A slight frost on the outside is also not a problem if the barrel is empty and disconnected. What you want to avoid is standing water anywhere in the system. No water, no expansion pressure, no crack.
Spring Re-Start Is Easier If You Store It Right
The best winter storage setup makes spring setup boring, and that’s the point. If you’ve kept the parts together, you’ll be back in service fast. Before reconnecting in spring, inspect the barrel for cracks near the spigot, check the screen for holes, and make sure the overflow path is clear.
If the barrel sat outside, give it one more rinse before using it again. Dust, spider webs, and a little roof grit are normal after months of sitting. A five-minute cleanup beats dumping dirty water on your first garden beds of the season.

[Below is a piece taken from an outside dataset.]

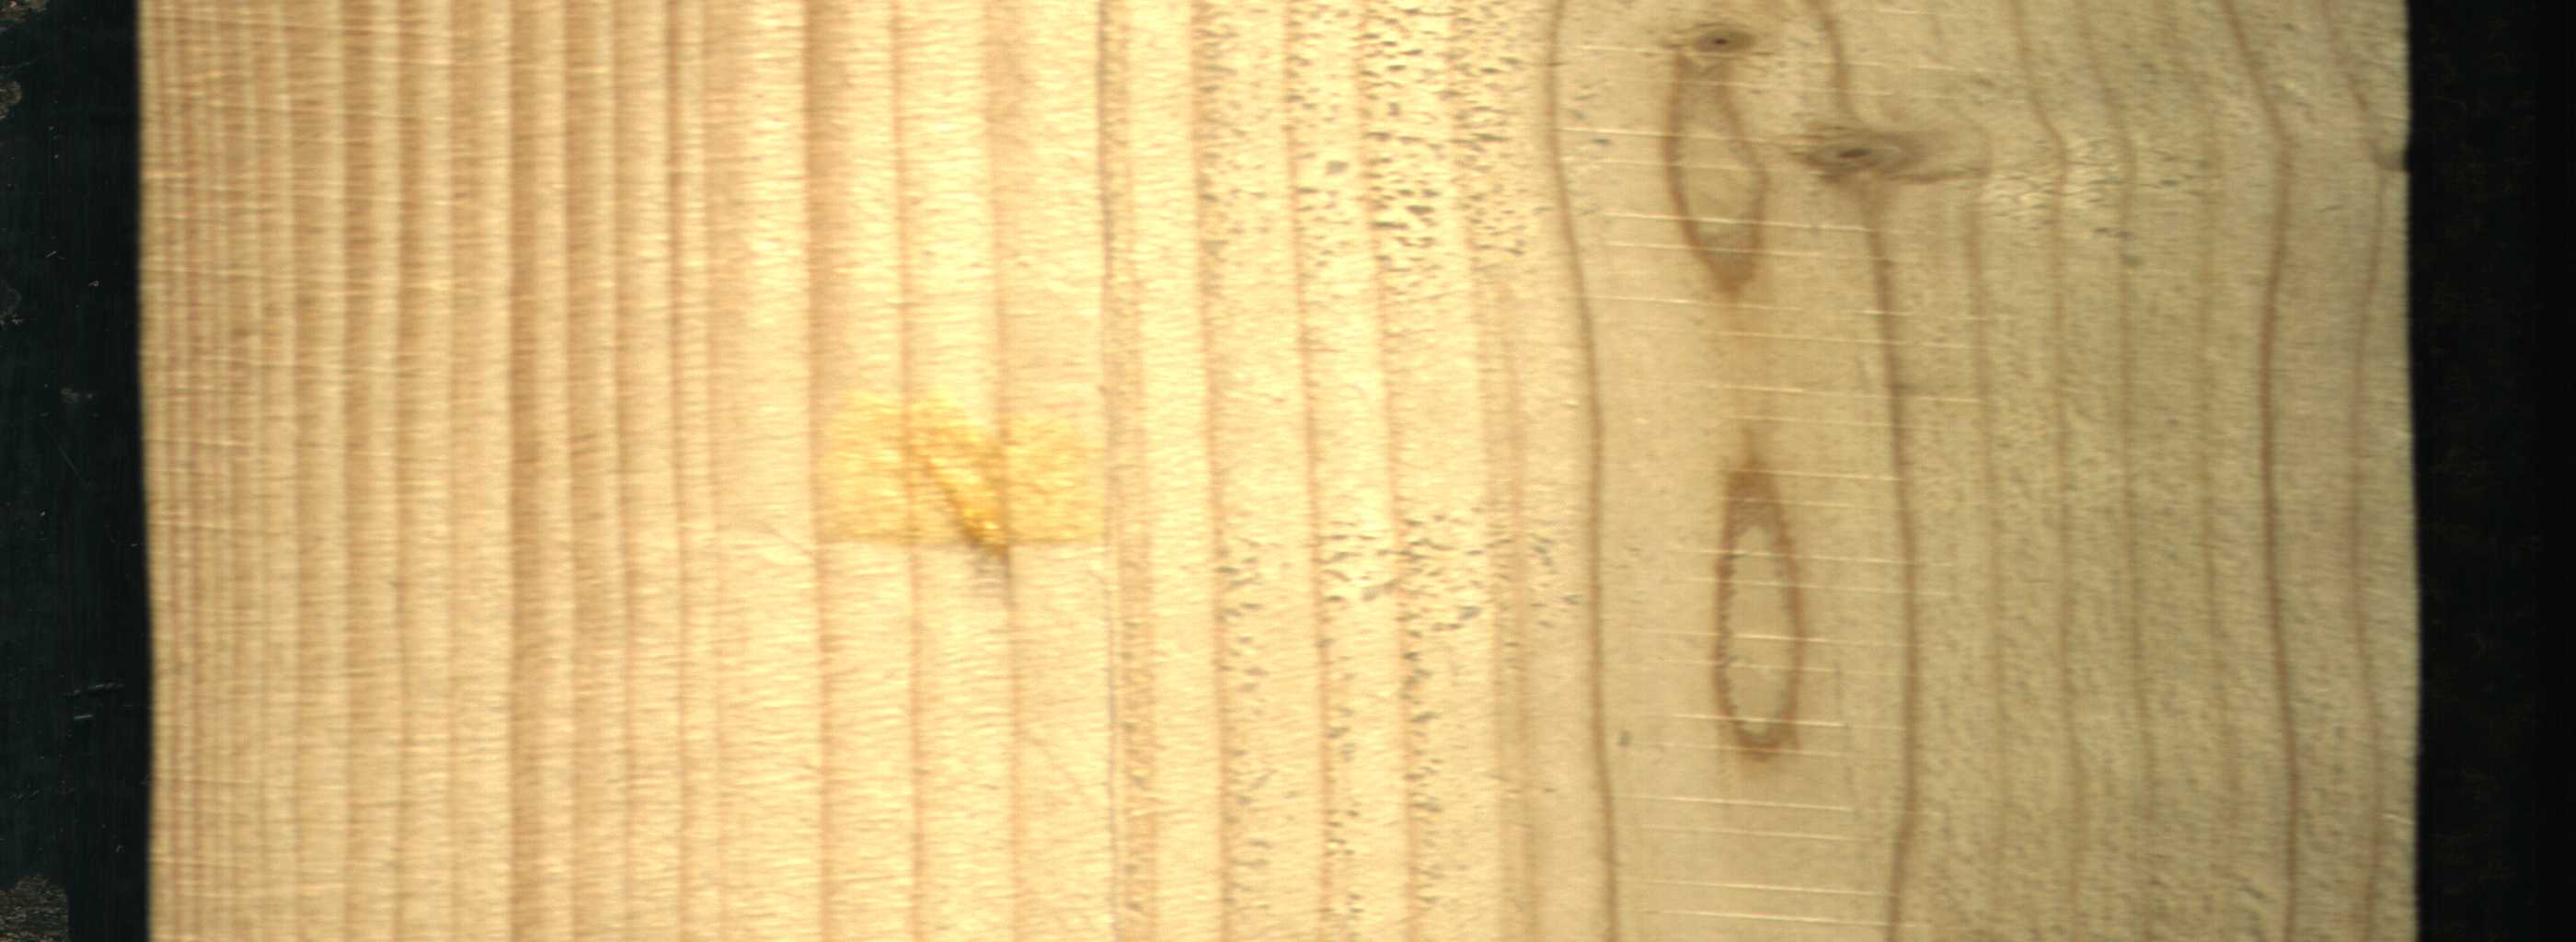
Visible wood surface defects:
resin
Live_Knot
Live_Knot

A Practical Way To Decide What To Do
If you’re standing there in late fall wondering whether to move the barrel, don’t overthink it. Use this quick test:
- Will freezing temperatures stick around at night? Then drain it now.

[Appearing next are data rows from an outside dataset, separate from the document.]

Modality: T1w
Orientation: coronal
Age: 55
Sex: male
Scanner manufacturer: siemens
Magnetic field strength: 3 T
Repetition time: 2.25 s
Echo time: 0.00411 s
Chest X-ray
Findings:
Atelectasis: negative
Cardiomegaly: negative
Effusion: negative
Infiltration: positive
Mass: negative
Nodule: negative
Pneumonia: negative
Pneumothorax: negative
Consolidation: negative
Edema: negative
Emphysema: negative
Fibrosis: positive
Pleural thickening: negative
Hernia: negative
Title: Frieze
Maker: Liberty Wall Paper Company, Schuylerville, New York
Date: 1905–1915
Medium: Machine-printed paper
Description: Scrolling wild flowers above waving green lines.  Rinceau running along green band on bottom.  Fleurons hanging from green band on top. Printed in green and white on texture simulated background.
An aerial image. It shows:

- Do you have a safe indoor spot? Store it inside.
- Can you’t move it? Disconnect it, drain it, and leave it dry outside.
- Does the spigot or hose still hold water after draining? Open or remove it.
- Are there loose fittings or old cracks already? Don’t risk leaving it exposed.
That’s really the whole game. Winter doesn’t care how expensive the barrel was or how nicely it caught rain in July. If water gets trapped, something gives. Store it dry, keep the fittings from freezing, and you’ll thank yourself when the first warm storm rolls in and everything still works.